What is expected:
Each line of the records needs to be written out exactly, with any image left out.

○ ○ ○

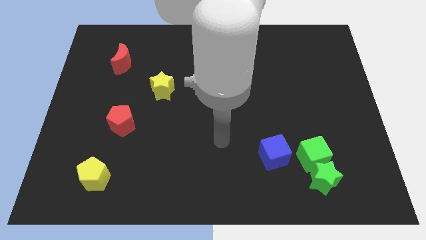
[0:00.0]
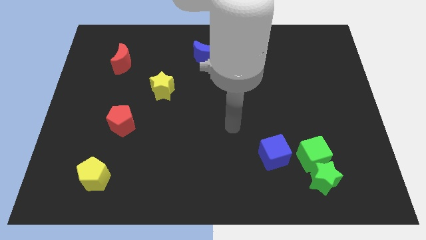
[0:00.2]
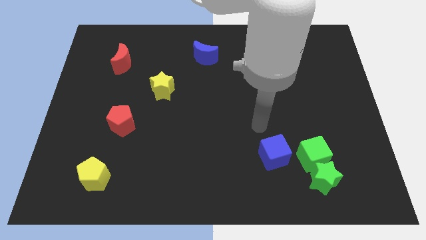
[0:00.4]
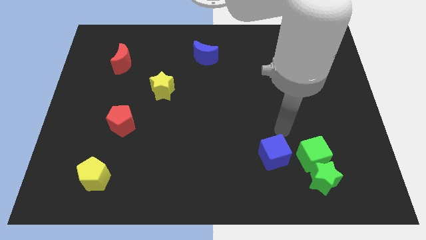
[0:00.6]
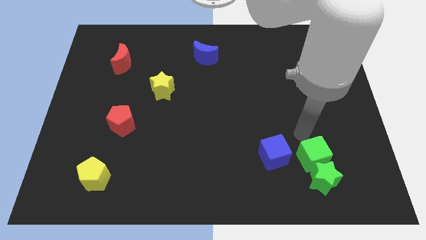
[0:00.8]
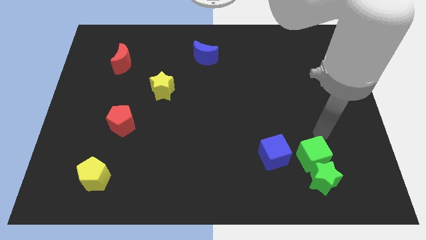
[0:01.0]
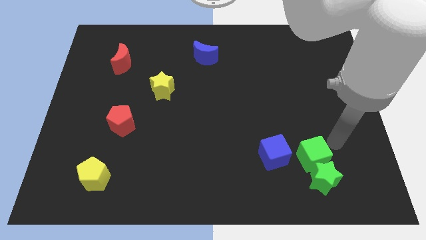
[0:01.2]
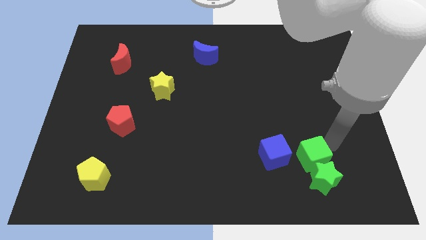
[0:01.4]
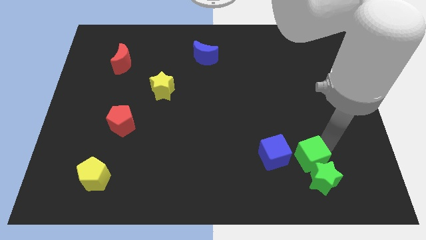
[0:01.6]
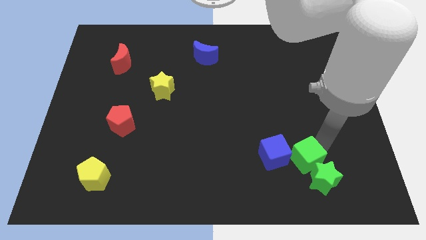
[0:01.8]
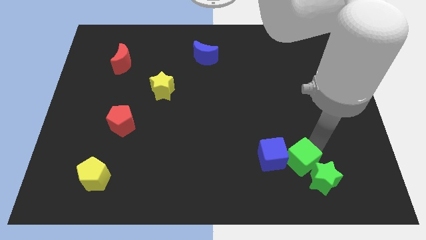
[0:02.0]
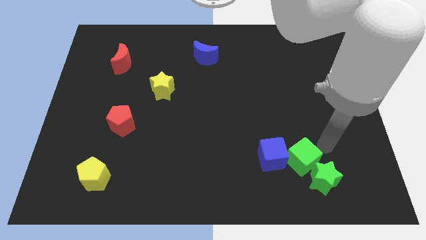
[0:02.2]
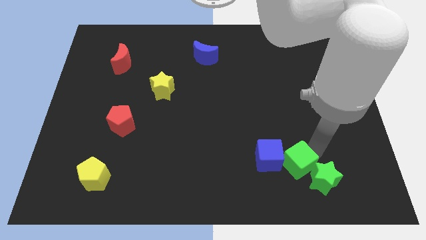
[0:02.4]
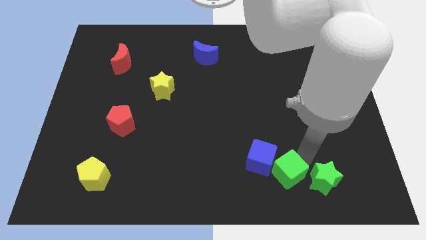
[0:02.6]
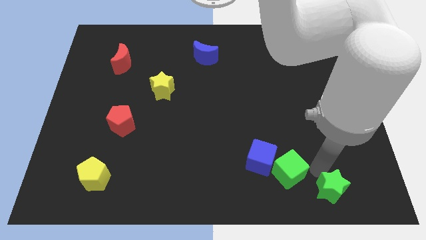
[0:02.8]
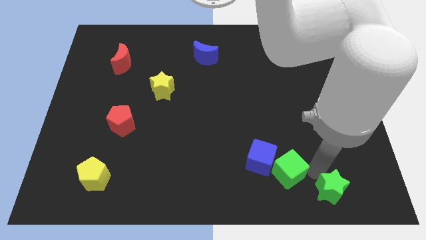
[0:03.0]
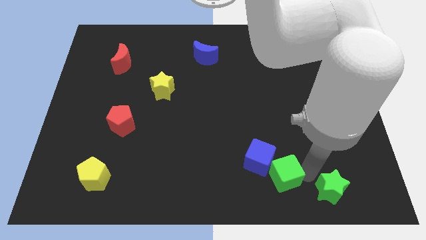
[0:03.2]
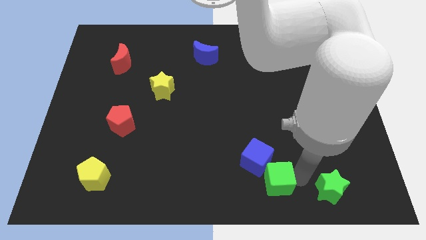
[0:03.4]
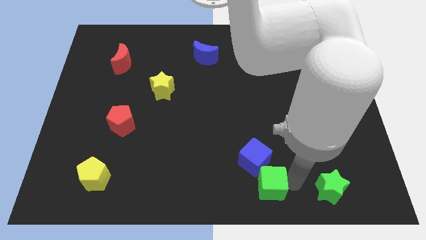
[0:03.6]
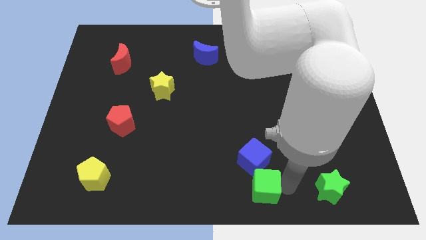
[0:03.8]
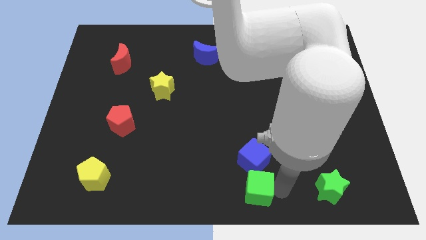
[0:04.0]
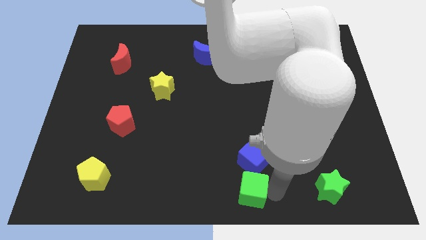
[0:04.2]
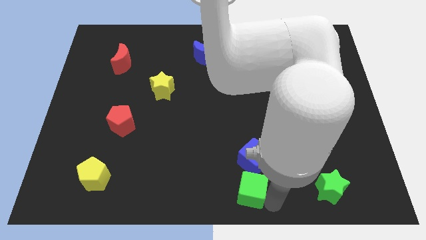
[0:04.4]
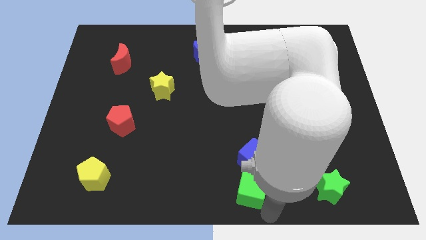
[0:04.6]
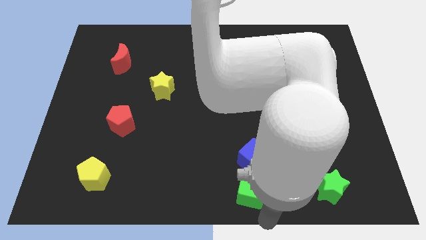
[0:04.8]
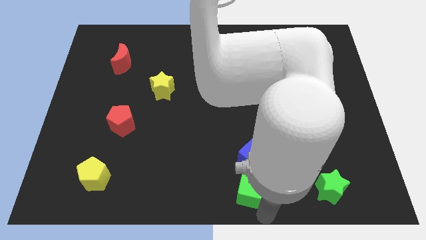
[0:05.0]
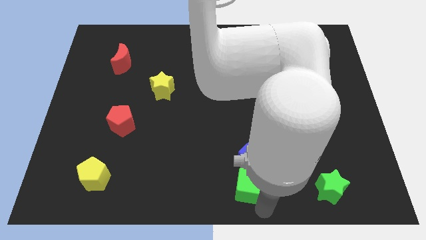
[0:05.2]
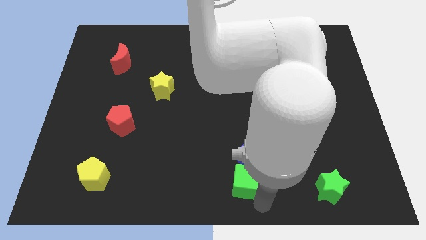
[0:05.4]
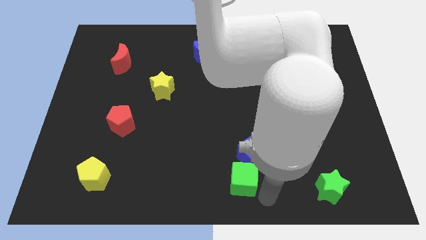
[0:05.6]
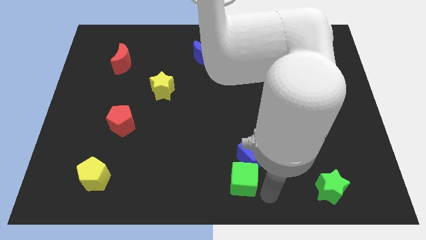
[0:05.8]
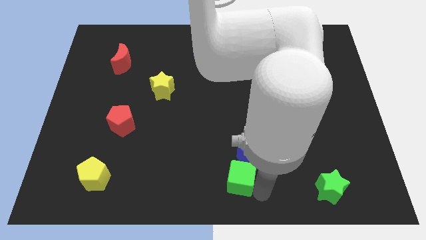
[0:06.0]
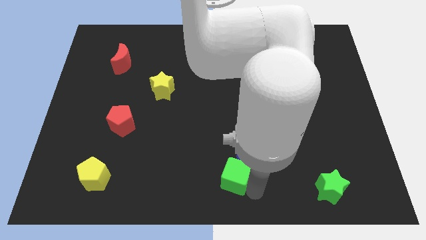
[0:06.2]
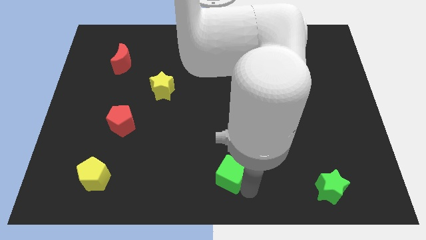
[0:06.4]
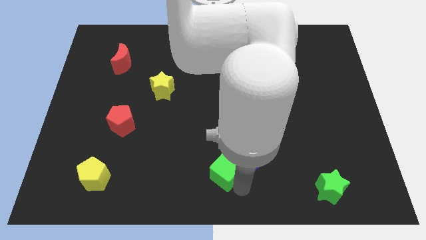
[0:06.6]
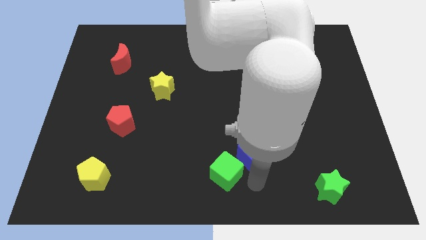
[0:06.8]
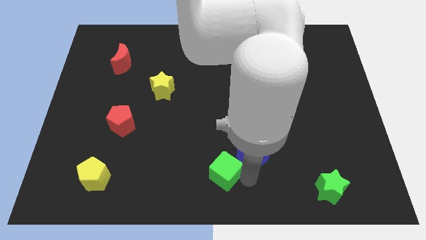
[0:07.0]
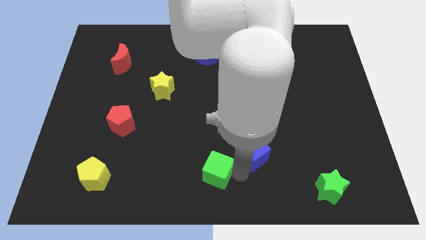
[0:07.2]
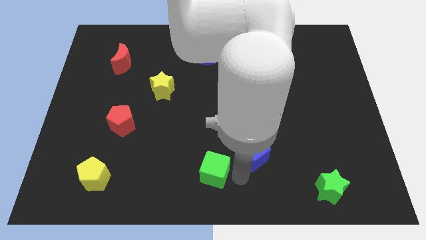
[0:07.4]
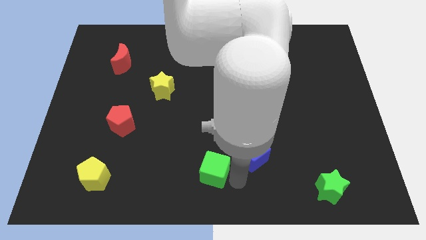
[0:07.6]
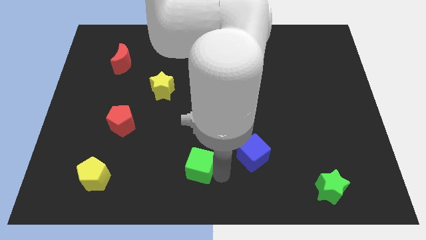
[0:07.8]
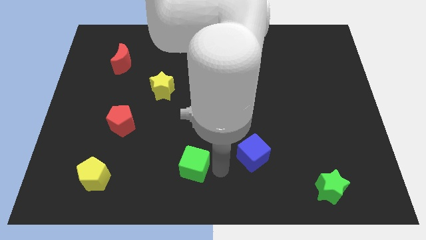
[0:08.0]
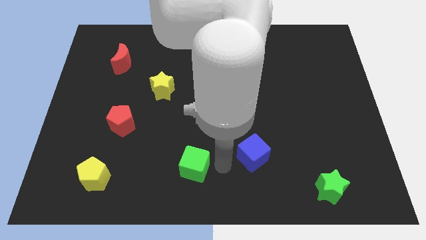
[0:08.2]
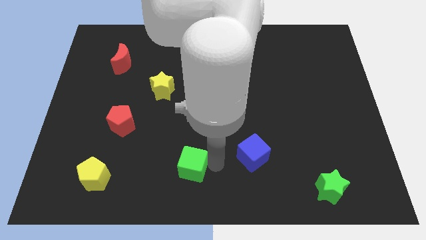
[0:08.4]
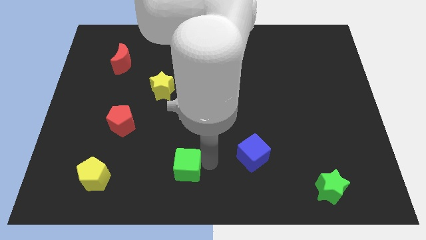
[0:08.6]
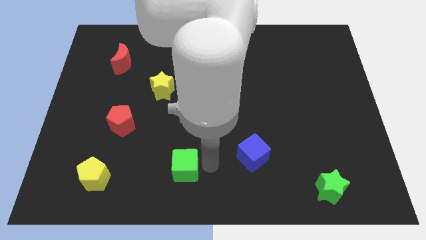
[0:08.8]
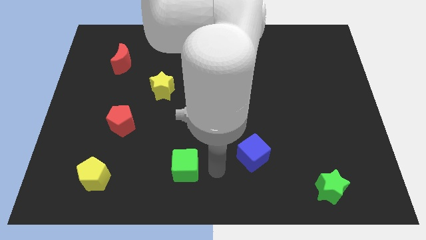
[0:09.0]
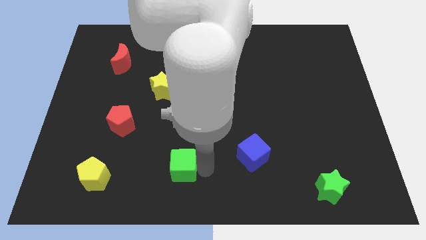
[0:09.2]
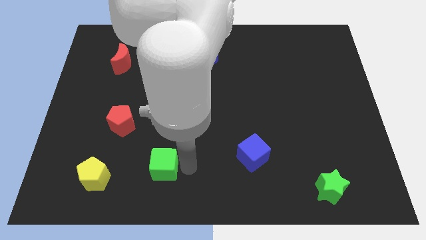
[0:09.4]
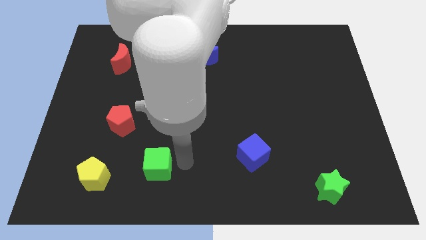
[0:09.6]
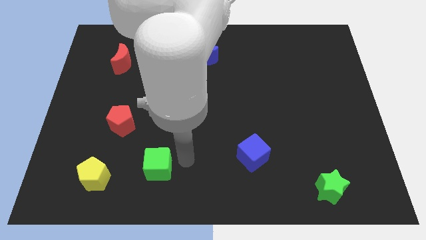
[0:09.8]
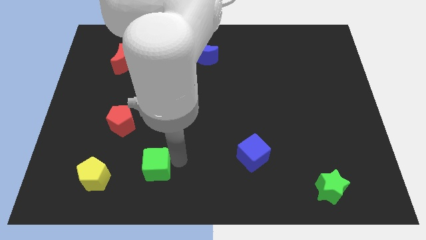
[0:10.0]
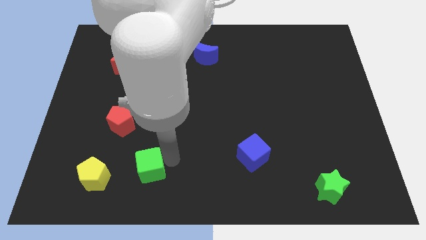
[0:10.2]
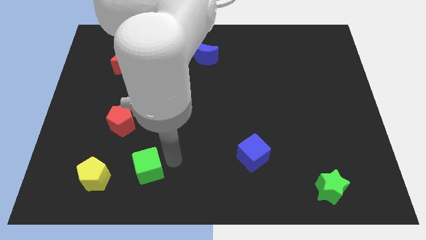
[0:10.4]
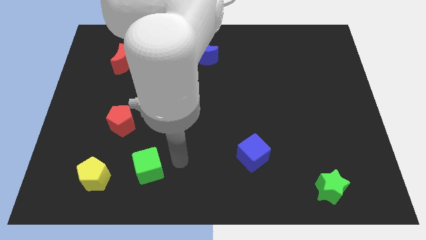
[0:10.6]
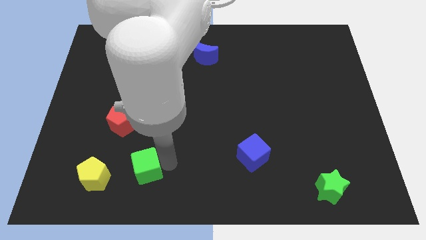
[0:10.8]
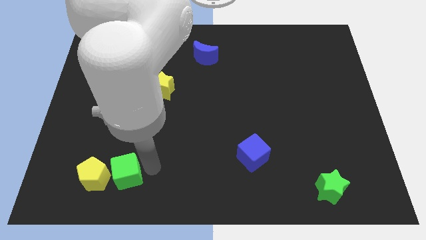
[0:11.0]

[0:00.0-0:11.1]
push the green cube to the yellow pentagon

○ ○ ○

Answer to the problem:
[0:00.0]
[0:00.2]
[0:00.4]
[0:00.6]
[0:00.8]
[0:01.0]
[0:01.2]
[0:01.4]
[0:01.6]
[0:01.8]
[0:02.0]
[0:02.2]
[0:02.4]
[0:02.6]
[0:02.8]
[0:03.0]
[0:03.2]
[0:03.4]
[0:03.6]
[0:03.8]
[0:04.0]
[0:04.2]
[0:04.4]
[0:04.6]
[0:04.8]
[0:05.0]
[0:05.2]
[0:05.4]
[0:05.6]
[0:05.8]
[0:06.0]
[0:06.2]
[0:06.4]
[0:06.6]
[0:06.8]
[0:07.0]
[0:07.2]
[0:07.4]
[0:07.6]
[0:07.8]
[0:08.0]
[0:08.2]
[0:08.4]
[0:08.6]
[0:08.8]
[0:09.0]
[0:09.2]
[0:09.4]
[0:09.6]
[0:09.8]
[0:10.0]
[0:10.2]
[0:10.4]
[0:10.6]
[0:10.8]
[0:11.0]

[0:00.0-0:11.1]
push the green cube to the yellow pentagon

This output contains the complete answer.